### Excerpted data
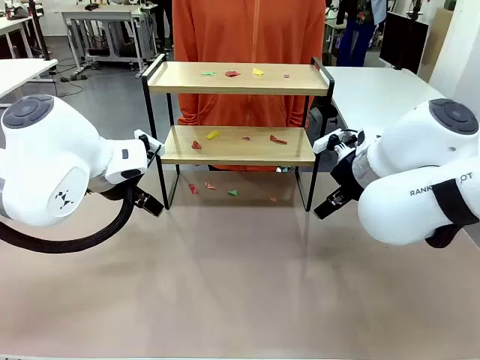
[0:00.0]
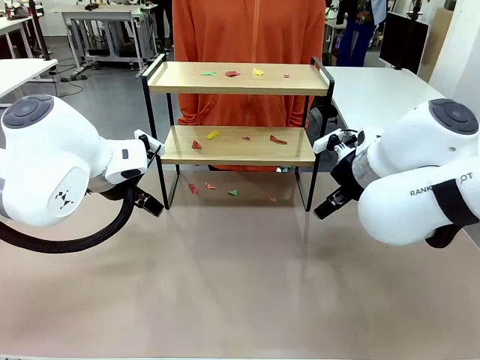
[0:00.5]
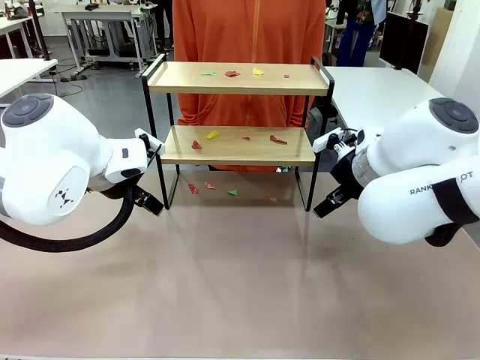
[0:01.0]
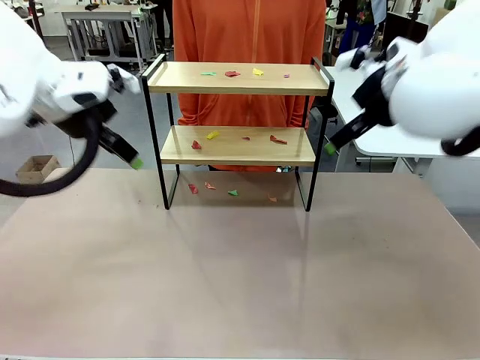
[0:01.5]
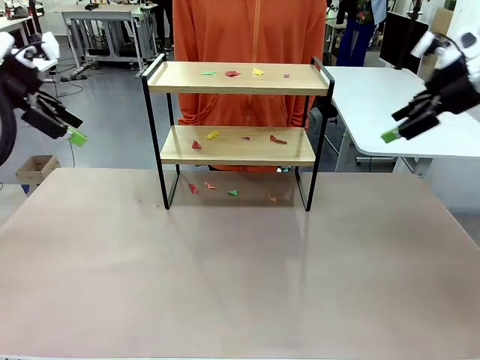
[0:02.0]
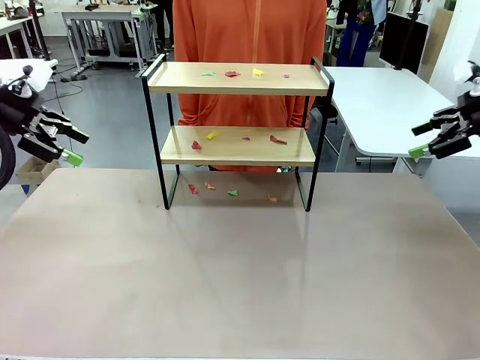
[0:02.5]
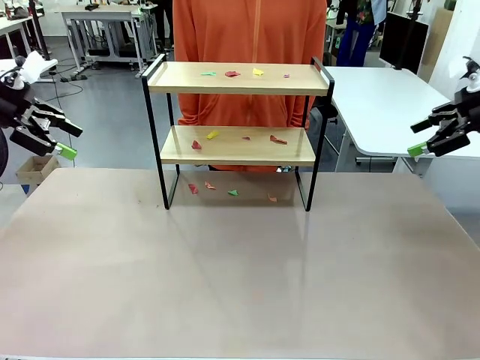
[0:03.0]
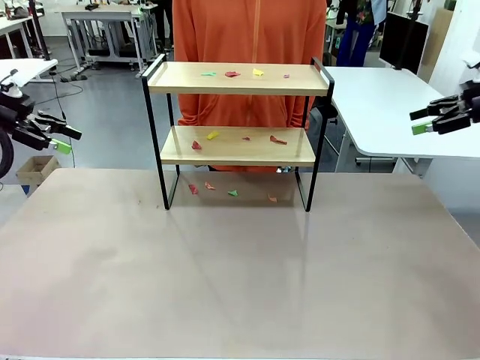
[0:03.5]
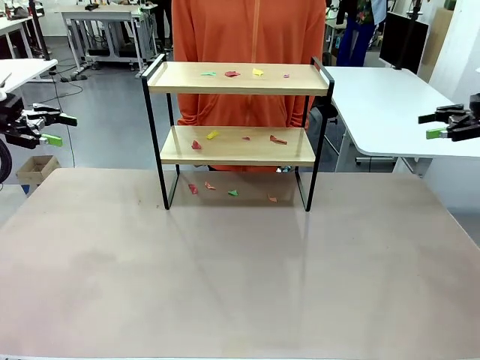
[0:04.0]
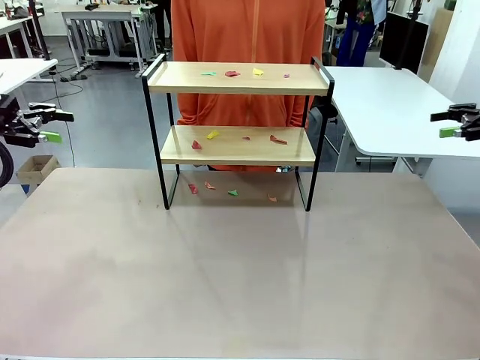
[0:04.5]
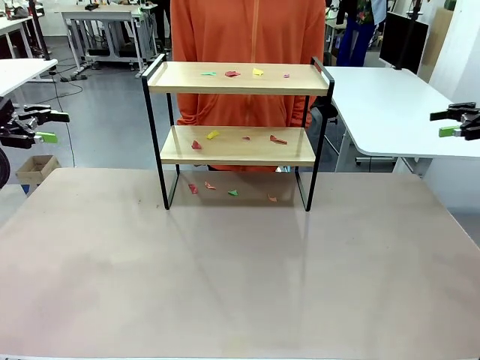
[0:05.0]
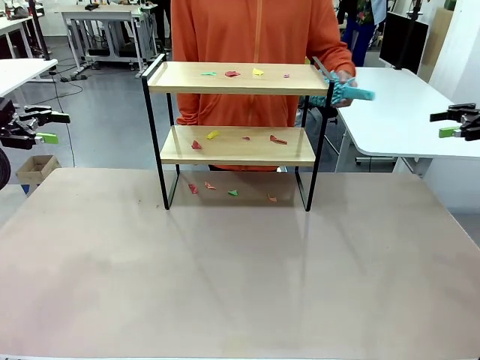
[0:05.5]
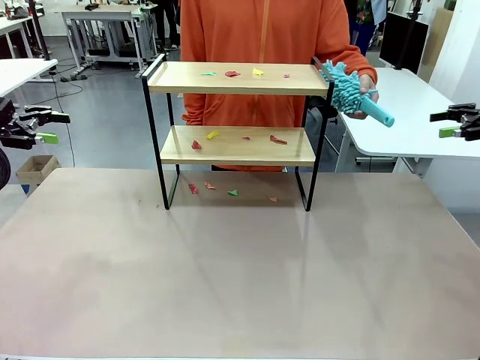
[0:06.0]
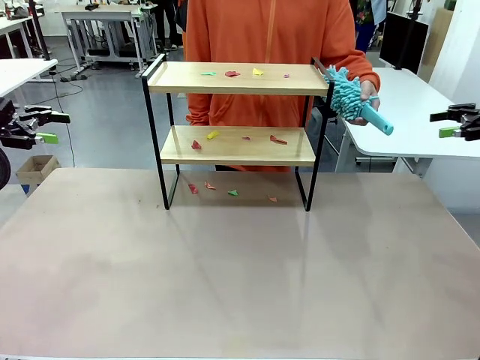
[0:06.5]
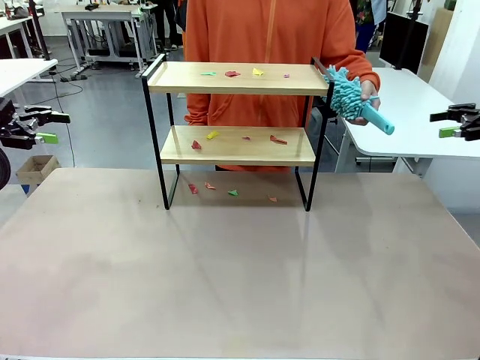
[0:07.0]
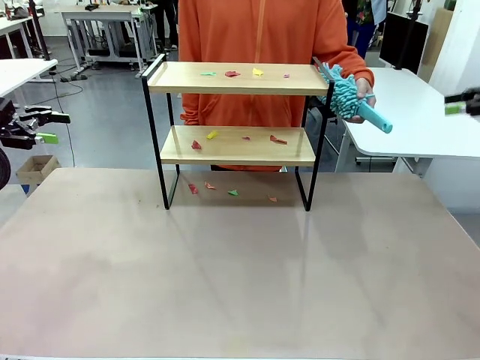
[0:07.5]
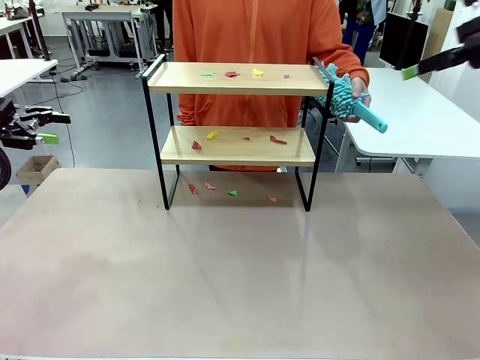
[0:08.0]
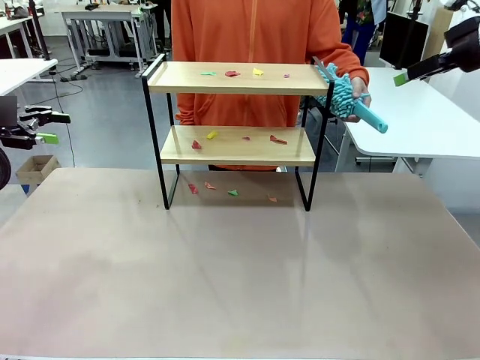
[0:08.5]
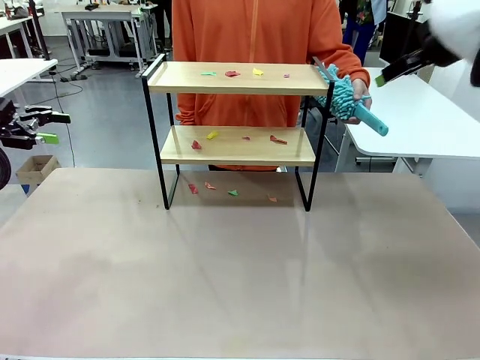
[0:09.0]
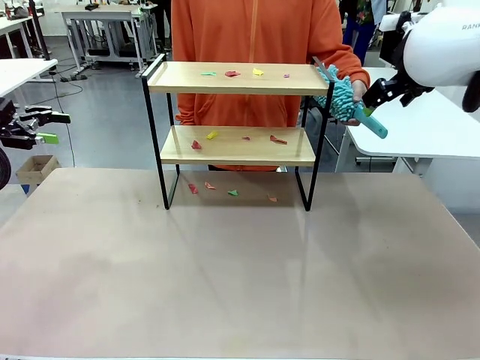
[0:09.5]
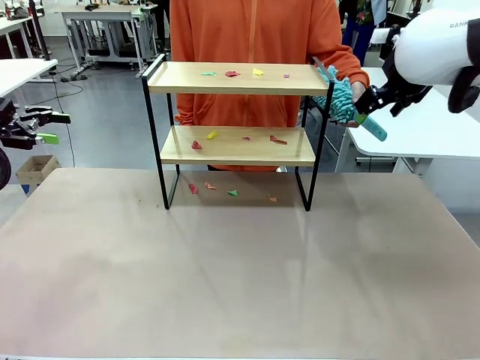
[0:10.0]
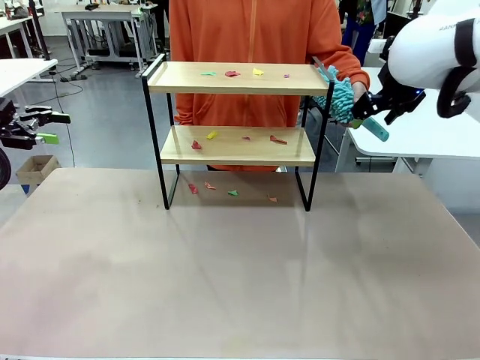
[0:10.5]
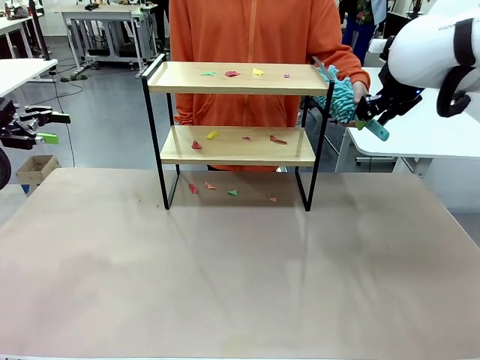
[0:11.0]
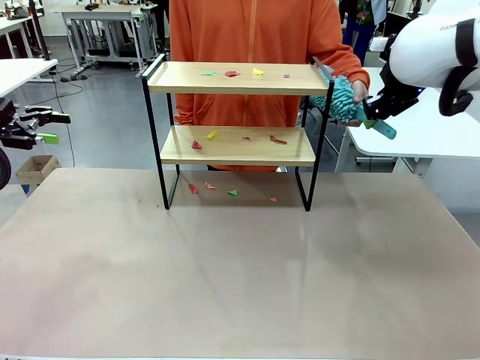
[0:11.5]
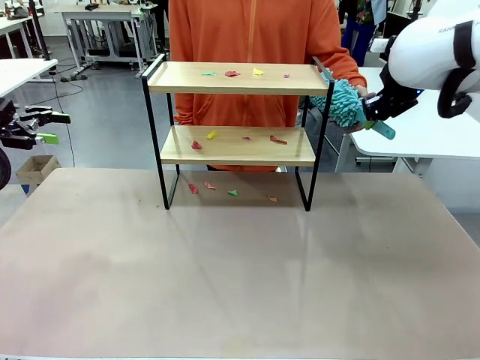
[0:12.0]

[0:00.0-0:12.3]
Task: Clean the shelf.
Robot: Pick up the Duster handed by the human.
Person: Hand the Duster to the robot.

### Brief
Aside from the pictures, repeat the listing exactly.

### Answer to this exercise
[0:00.0]
[0:00.5]
[0:01.0]
[0:01.5]
[0:02.0]
[0:02.5]
[0:03.0]
[0:03.5]
[0:04.0]
[0:04.5]
[0:05.0]
[0:05.5]
[0:06.0]
[0:06.5]
[0:07.0]
[0:07.5]
[0:08.0]
[0:08.5]
[0:09.0]
[0:09.5]
[0:10.0]
[0:10.5]
[0:11.0]
[0:11.5]
[0:12.0]

[0:00.0-0:12.3]
Task: Clean the shelf.
Robot: Pick up the Duster handed by the human.
Person: Hand the Duster to the robot.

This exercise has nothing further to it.